* [Extracted information]
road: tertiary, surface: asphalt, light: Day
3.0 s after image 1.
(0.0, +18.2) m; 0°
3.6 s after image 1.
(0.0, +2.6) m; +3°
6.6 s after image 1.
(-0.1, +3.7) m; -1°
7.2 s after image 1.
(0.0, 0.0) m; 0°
--
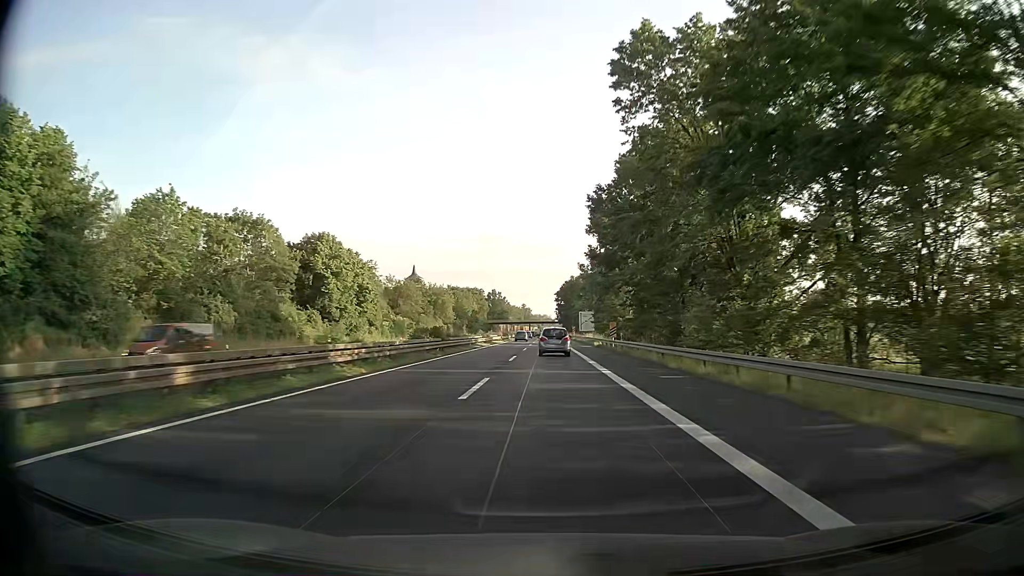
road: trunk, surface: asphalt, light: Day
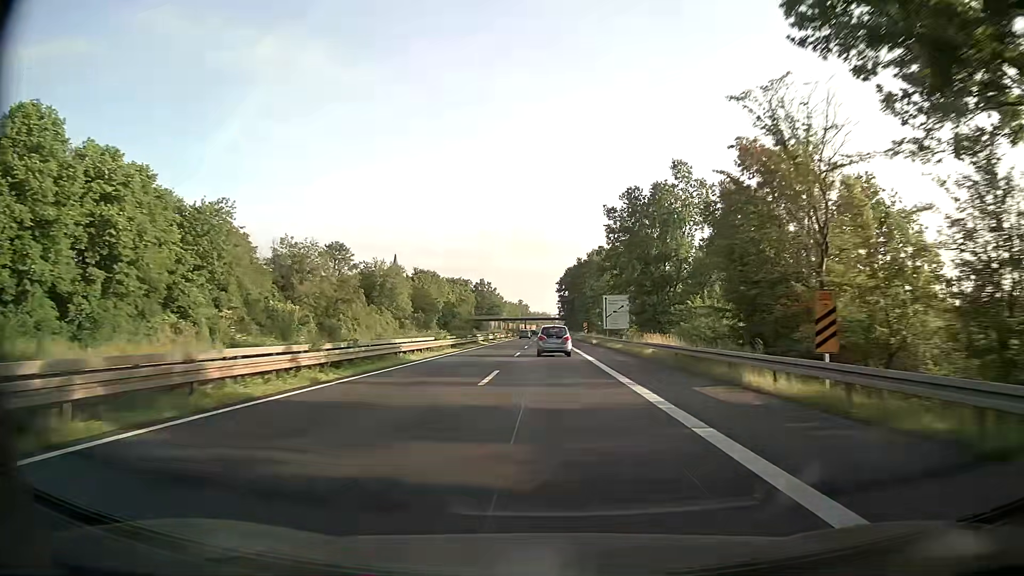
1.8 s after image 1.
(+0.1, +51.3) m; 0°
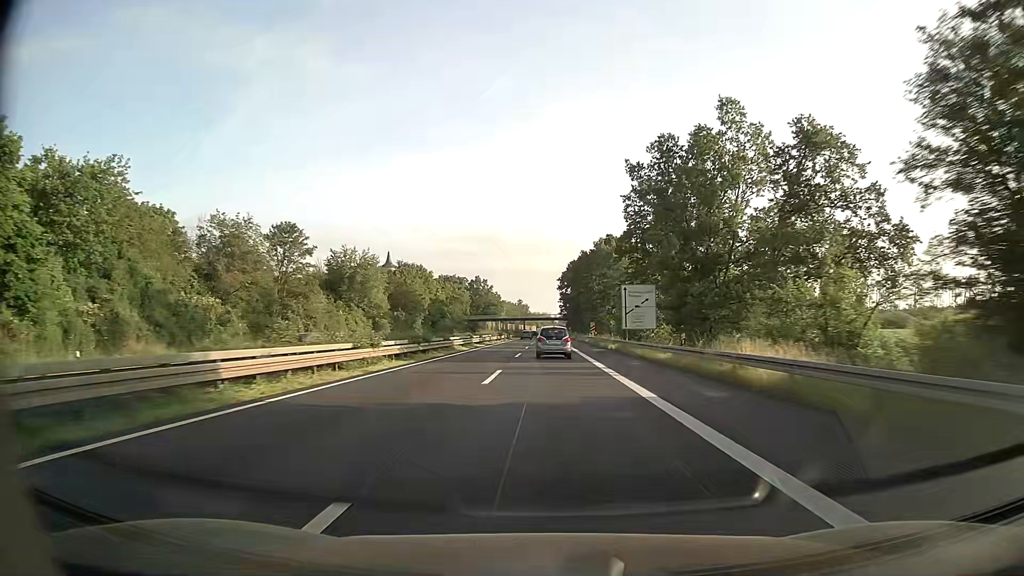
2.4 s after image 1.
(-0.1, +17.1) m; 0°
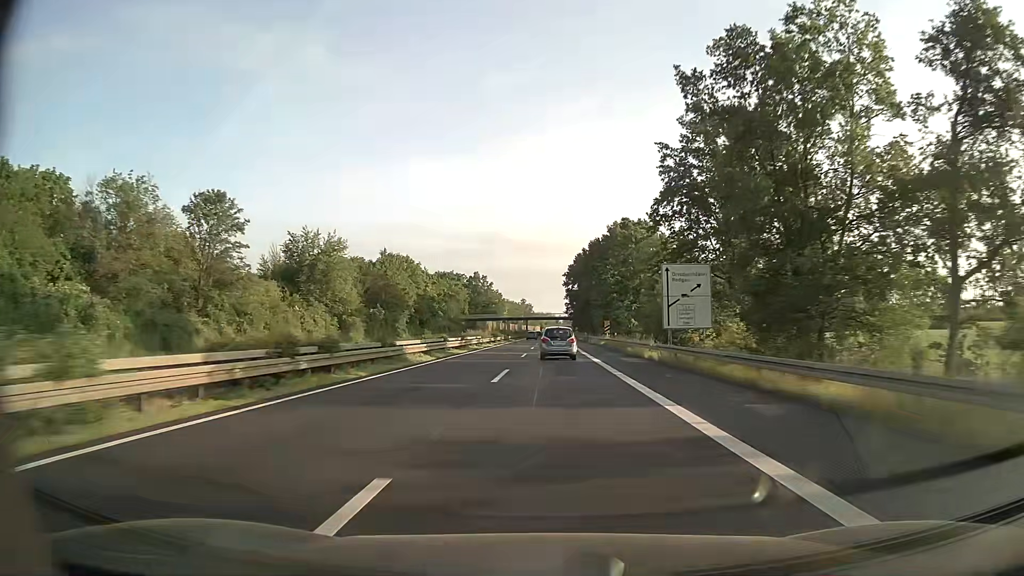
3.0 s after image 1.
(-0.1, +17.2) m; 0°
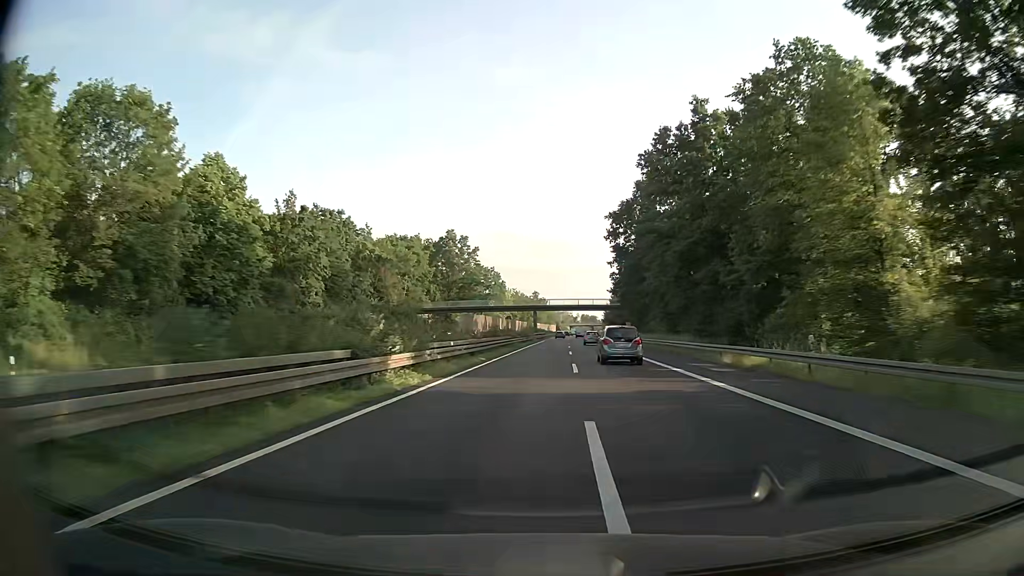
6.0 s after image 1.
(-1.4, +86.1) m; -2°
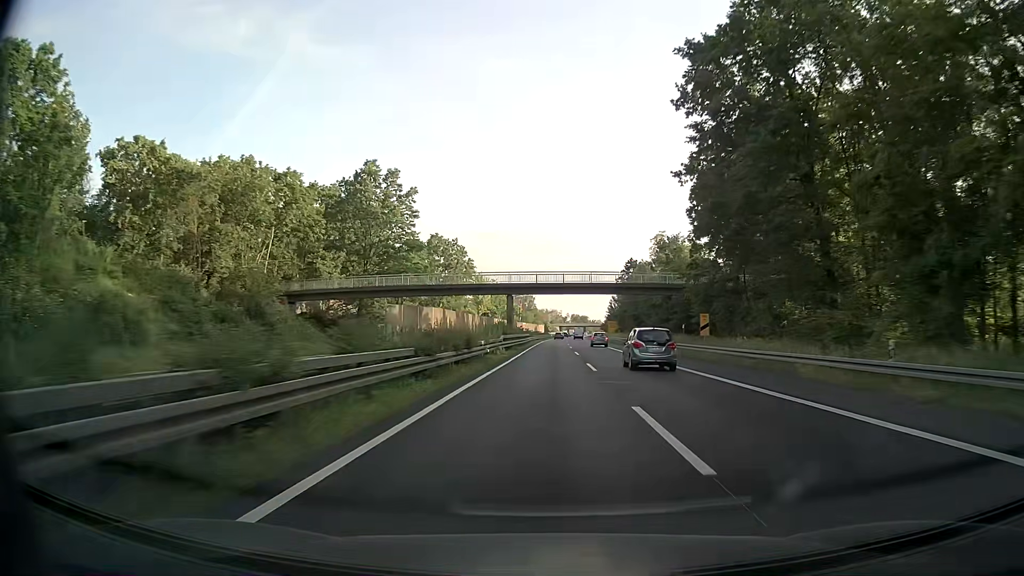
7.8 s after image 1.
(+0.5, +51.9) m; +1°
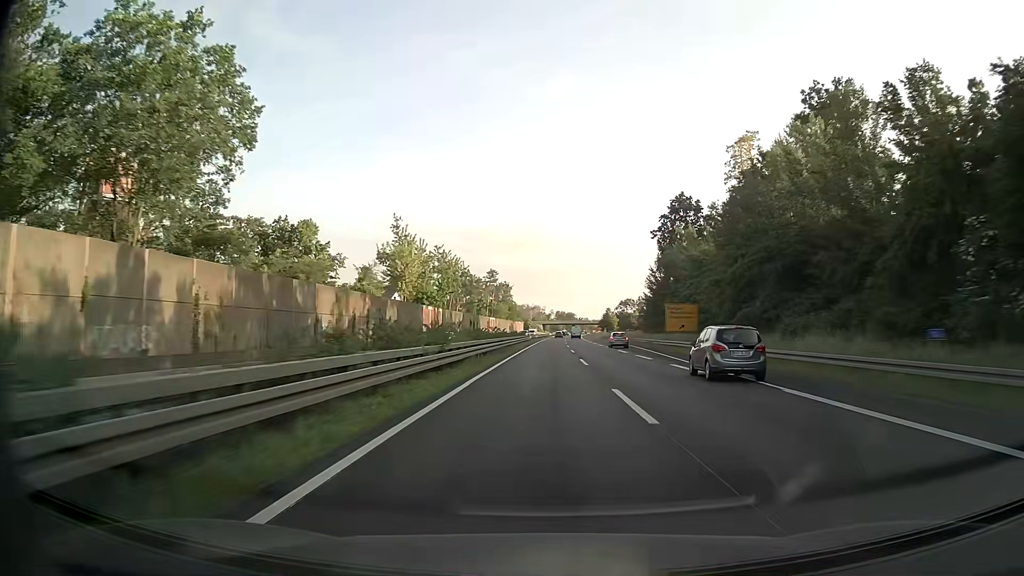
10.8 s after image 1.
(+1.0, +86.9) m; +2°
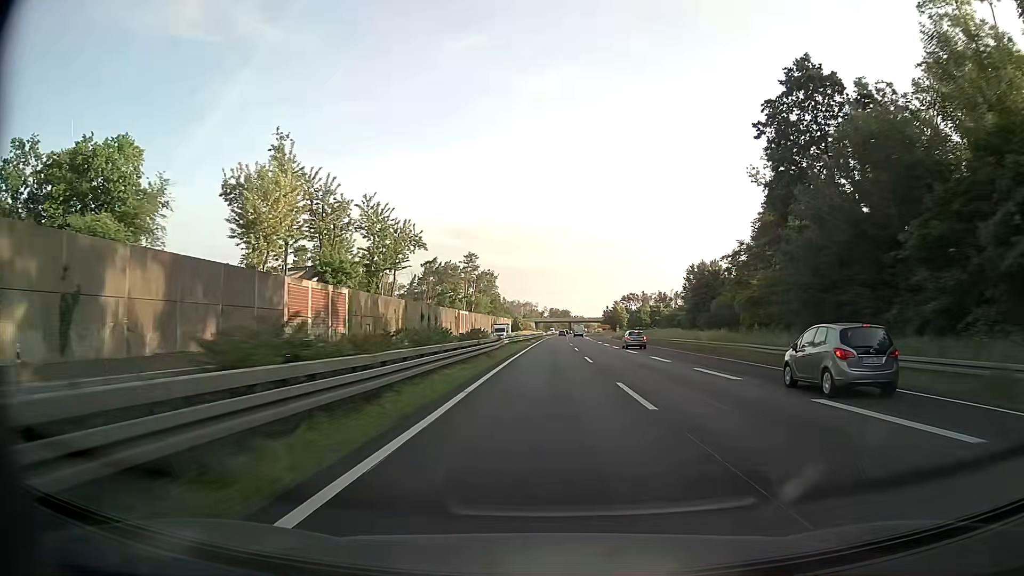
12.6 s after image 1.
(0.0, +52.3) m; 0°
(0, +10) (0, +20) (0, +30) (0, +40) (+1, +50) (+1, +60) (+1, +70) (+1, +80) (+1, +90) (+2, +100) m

* [Requirement]
Among the records above, which lines hold the word "asphalt"? Copy each one.

* [Reply to the exercise]
road: tertiary, surface: asphalt, light: Day
road: trunk, surface: asphalt, light: Day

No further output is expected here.